I have windows 7 Home premium. 




> I have the Malwarebytes(MWB) full version (but not exploits) that at one time was free and it provides real time protection. It too gets updates but they are not Windows Updates. MWB frequently pops up saying it has blocked something. These are often Skype related because Skype has some servers in areas known for malicious content.


 Good to know. I have Skype but rarely use it . I keep my userid OFFLINE and log in only if I have to.



> Having proper offline diskdrive and data backups should be sufficient to counter ransomware. But I somehow doubt individuals would be targeted.

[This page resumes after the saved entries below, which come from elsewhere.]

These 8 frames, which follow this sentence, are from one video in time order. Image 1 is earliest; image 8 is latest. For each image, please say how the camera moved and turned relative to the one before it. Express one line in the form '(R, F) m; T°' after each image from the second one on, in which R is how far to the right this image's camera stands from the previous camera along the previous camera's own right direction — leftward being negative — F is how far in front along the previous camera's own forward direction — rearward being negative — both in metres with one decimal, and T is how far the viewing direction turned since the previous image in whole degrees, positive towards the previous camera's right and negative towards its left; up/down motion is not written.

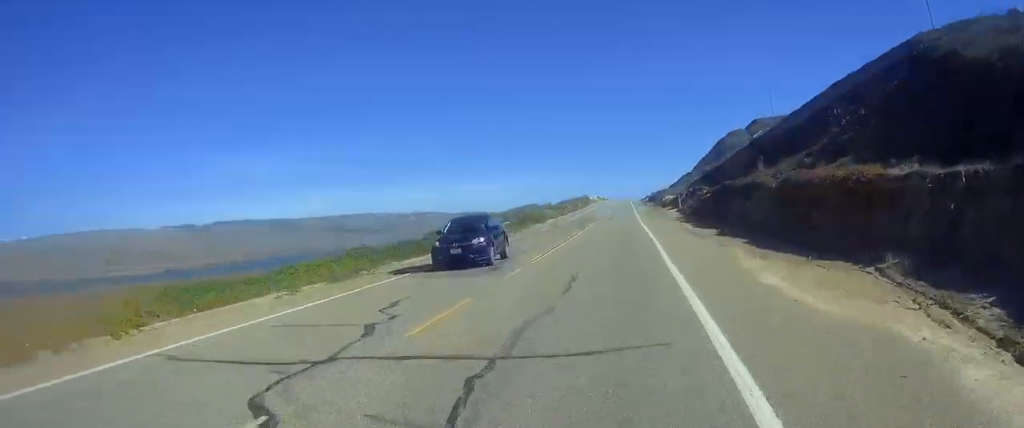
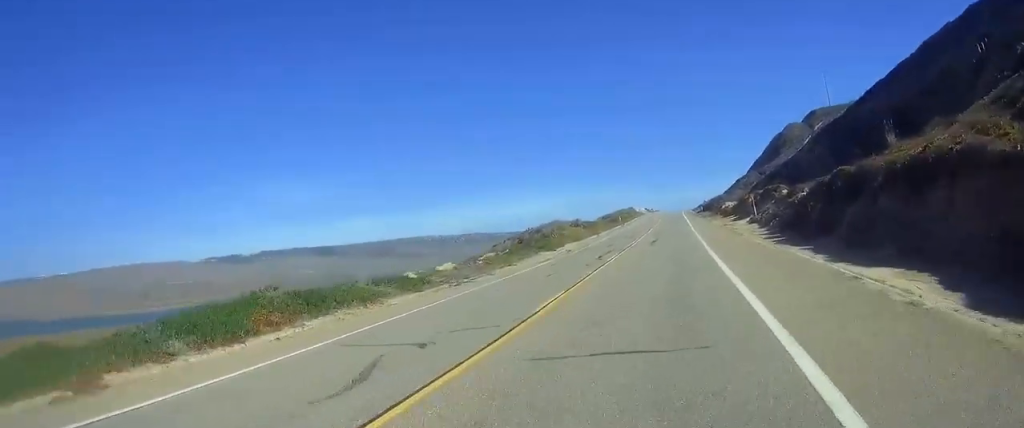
(0.0, +24.8) m; -1°
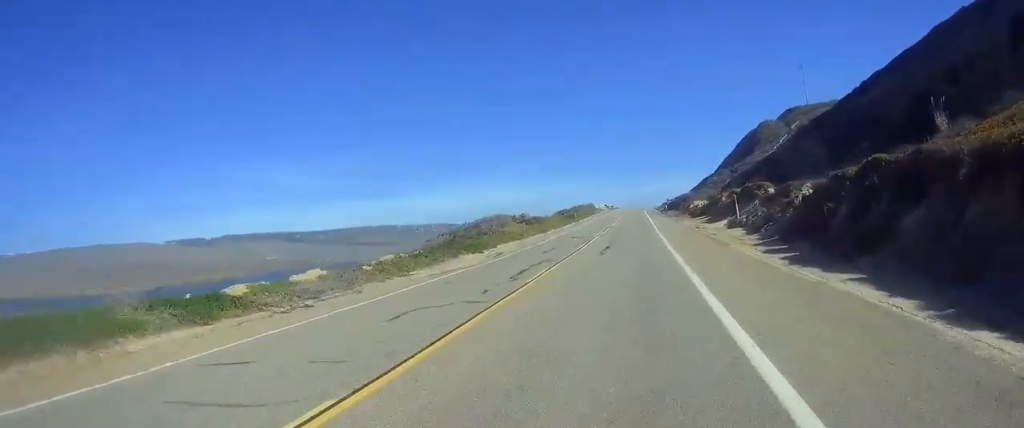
(-0.1, +10.1) m; 0°
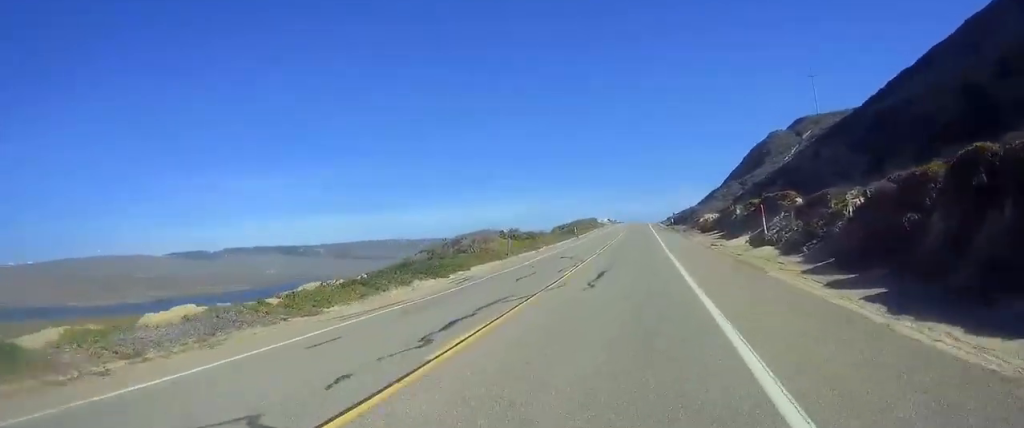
(0.0, +7.9) m; 0°
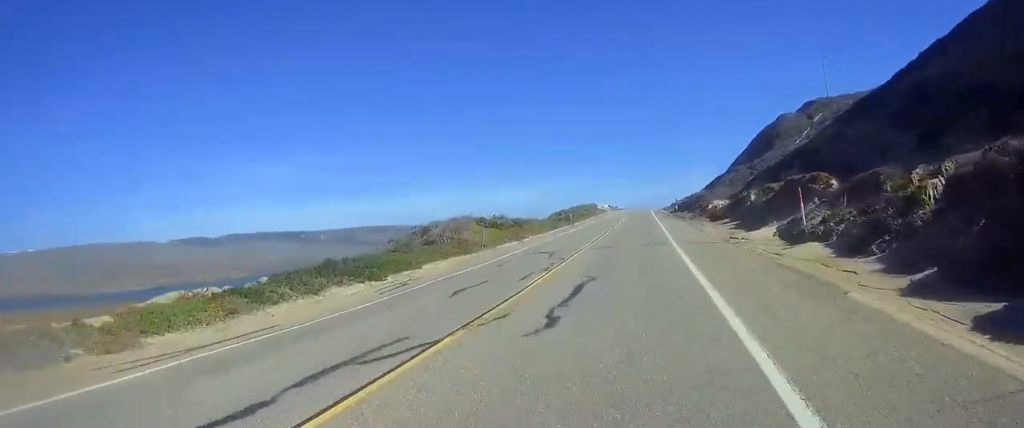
(0.0, +8.0) m; 0°
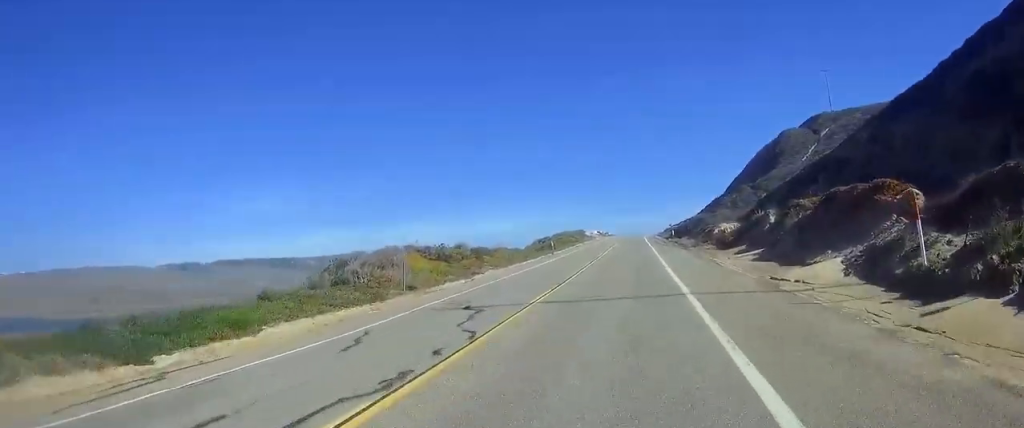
(0.0, +12.0) m; 0°
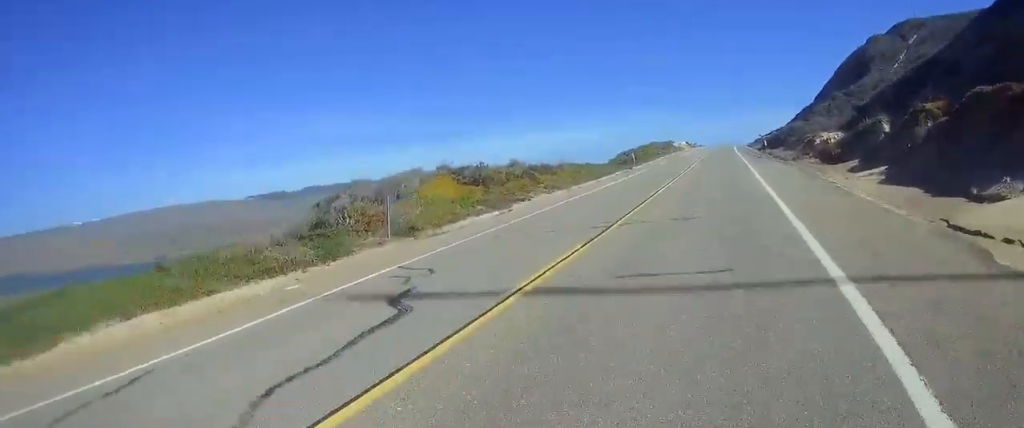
(0.0, +9.2) m; 0°
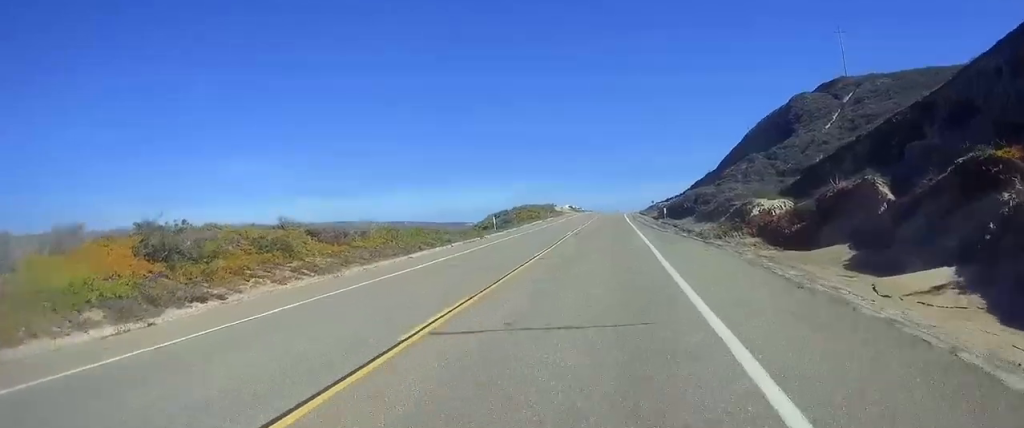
(0.0, +14.9) m; 0°

You never know these days. I have a offline `1 terabyte external hard drive (Western Digital) and back up important files and any pictures of me, my carving hobbies, or my family on 8gb flash drives for convenience.

I also have a 3 year subscription to Malwarebytes anti-exploit. Not taking a chance these days with cyber crime on the rise.


----------



## carverman (Nov 8, 2010)

Eclectic12 said:


> Question is, how many are operating under the old "just backup the data" where they are at risk of losing the most recent files as well as a ton of time to get the OS and apps back up to par?
> 
> Keep in mind that a system backup from what *most people I talk to is typically to attached HDs that are also going to be encrypted.
> *


*

While the internal hard drive could be affected by ransomware encryption, the external hard drive which I always detach the USB from my computer contains the OS as well as ALL the files as updated on the last HD Image backup. 

That way the hackers can't get into my external hardrive even if they manage to get in my PC 

I prefer to pay for my protection (Norton Internet Security, Malwarebytes, Malware anti-Exploit, because my PC is vulnerable being online all the time. I never shut it down. 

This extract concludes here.